Me le quedé viendo por un tiempo. Sólo se quedó ahí sentado, mirando sepa qué cosa que se perdía detrás de los rascacielos y se mezclaba en el horizonte. Pensé que hacía lo mismo que yo: relajarse al final de la jornada. Quizá estaba ahí para ver el sol e imaginar que era una enorme bola de estambre perdiéndose poco a poco tras la orilla del mar.


Bajé la mirada para ver la hora y echarle dos o tres mordidas al wrap que tenía en la mano. Cuando volví a ver el techo, el Hombre Gato ya se había ido.

***

Mi segundo —y último— encuentro formal con el Hombre Gato tuvo lugar, de nuevo, en su guarida. Esa vez me hizo esperar menos, pero de todos modos tuve que aguantar un par de horas entre los aromas de su callejón. Cuando al fin llegó, no lo hizo cayendo de uno de los techos. Tampoco brincando desde uno de los postes de luz o rodando dentro de un bote de basura. Llegó caminando.

 

En dos patas.


El Hombre Gato apareció detrás de mí, emergiendo del lado de la calle. Me pasó de largo, sin mirarme, y se metió al callejón. Se veía más descuidado que de costumbre: traía manchas de suciedad por todo el pelo y un par de rasgaduras en su diminuta camisa.

 

Caminaba con cierta dificultad; supuse que se había lastimado, pero tal vez sus piernas no estaban bien acostumbradas a sostener todo su peso en vertical. Le ofrecí la bolsa de papel que había traído, esta vez con dos sándwiches de salmón. Estiró la mano hacia atrás, con la palma abierta, y la sacudió de derecha a izquierda en el aire.
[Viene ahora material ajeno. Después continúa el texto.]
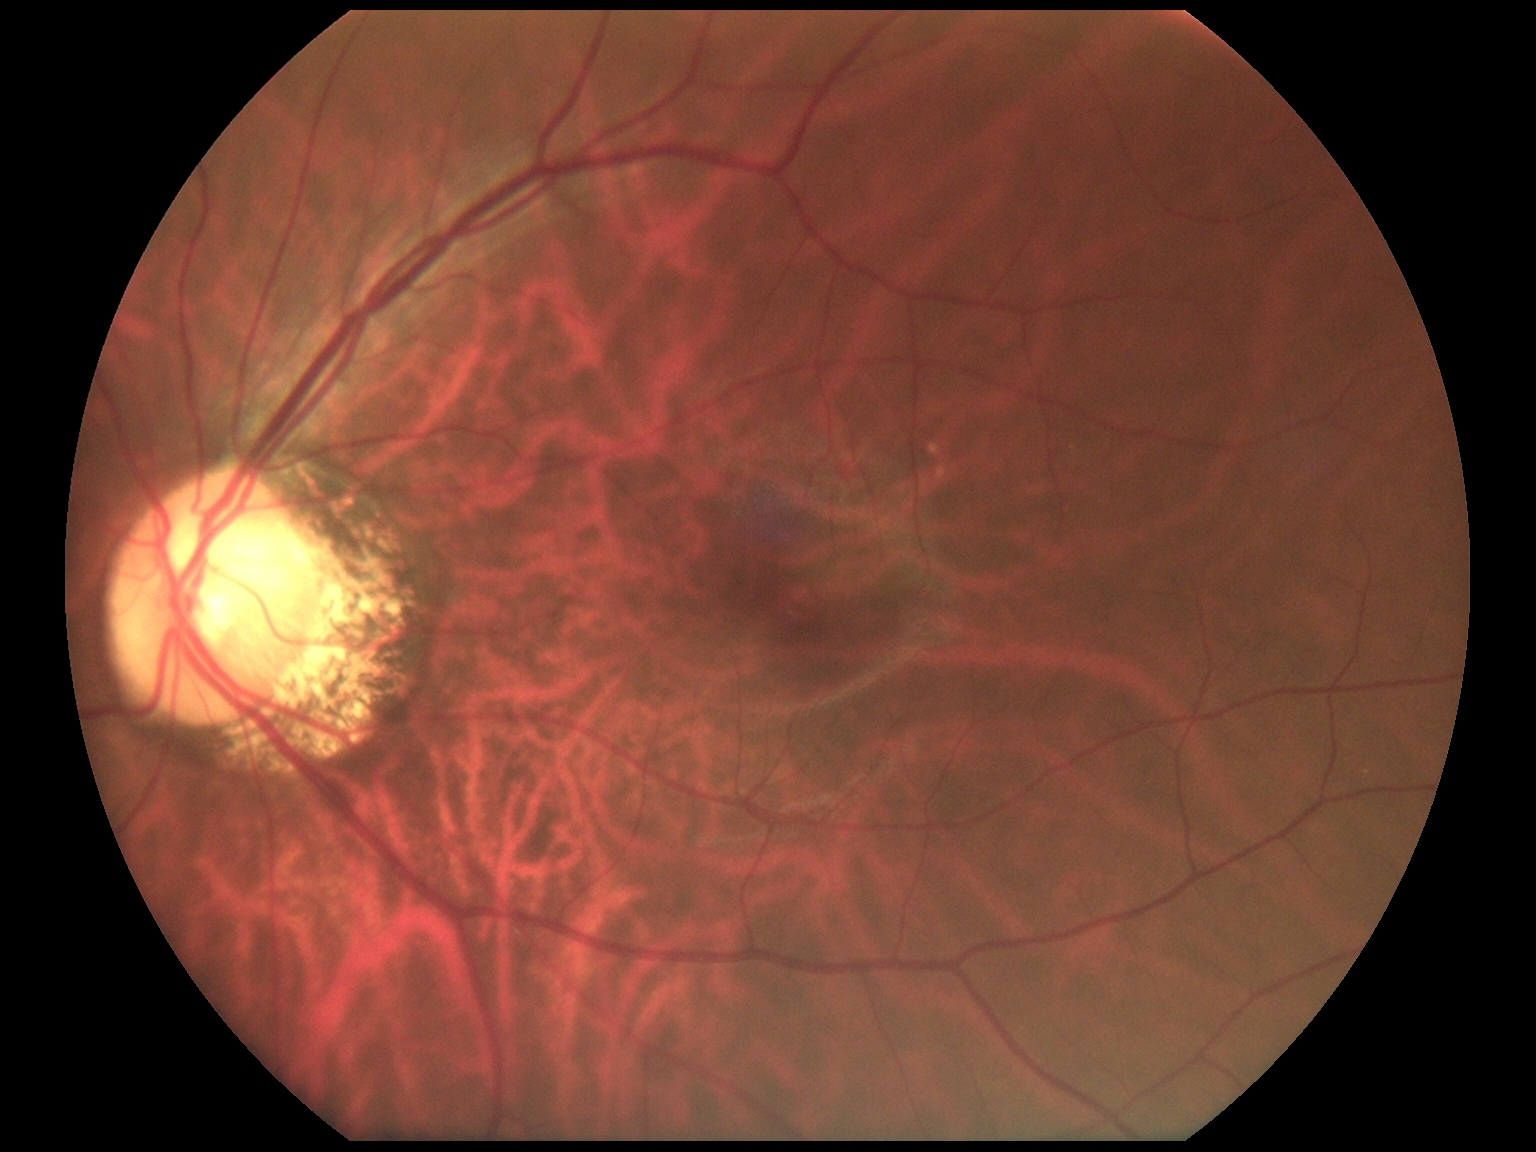 retinopathy = no apparent diabetic retinopathy (grade 0).

—No, gracias —dijo, y siguió adentrándose en el callejón, con la cabeza baja y los hombros caídos.


Llegó hasta la puerta medio rota al costado del callejón, tomó la perilla con su palma inflada y empujó con todo el cuerpo. Fue adentrándose muy lentamente en el interior de edificio, como una película que se proyecta cuadro por cuadro, y se detuvo a medio camino. El cielo era púrpura, y pronto sería negro.

 

Todavía alcanzaban a distinguirse las siluetas de Manhattan elevándose por encima de la barda del callejón.
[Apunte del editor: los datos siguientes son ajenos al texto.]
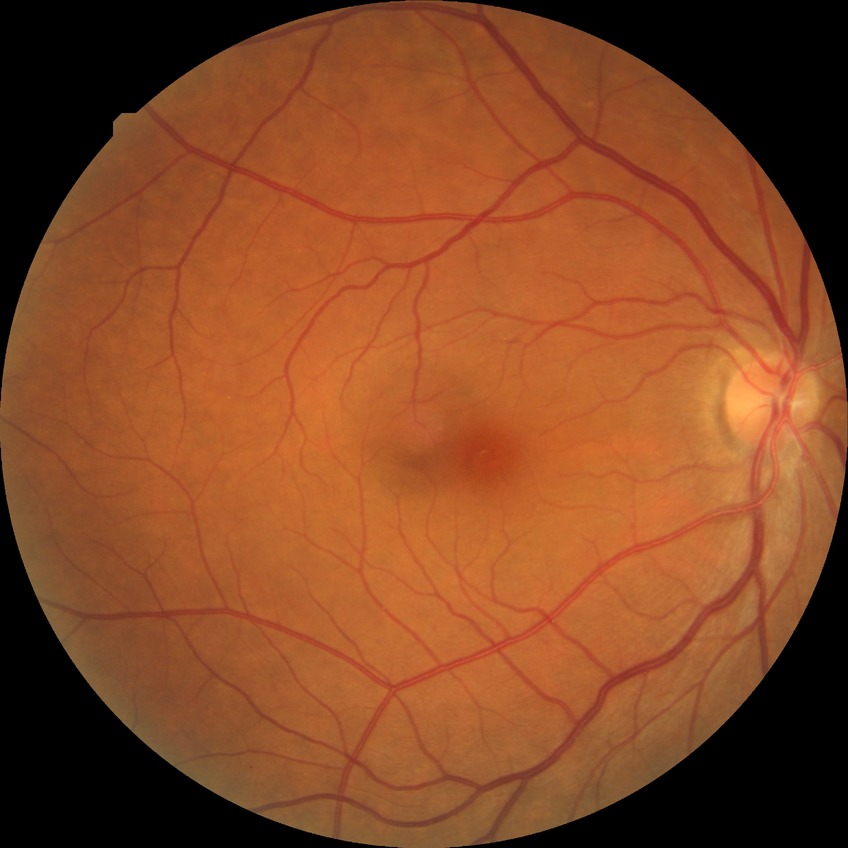 Diabetic retinopathy (DR) is no diabetic retinopathy (NDR).

El Hombre Gato ladeó su rostro hacia el lado de la barda y dijo su nombre. No Rojo, ni Sagán, ni Misifú: su verdadero nombre, que he procurado olvidar. Luego siguió empujando la puerta hasta desaparecer dentro de la oscuridad del edificio. La puerta se cerró de golpe tras él, dejando el callejón solo, en silencio. Hacía frío, pero la luz mercurial me calentaba los hombros y la nuca.

 

 

* Texto publicado en Pukwudgie (2018). Traducción de Staff de El Barrio Antiguo.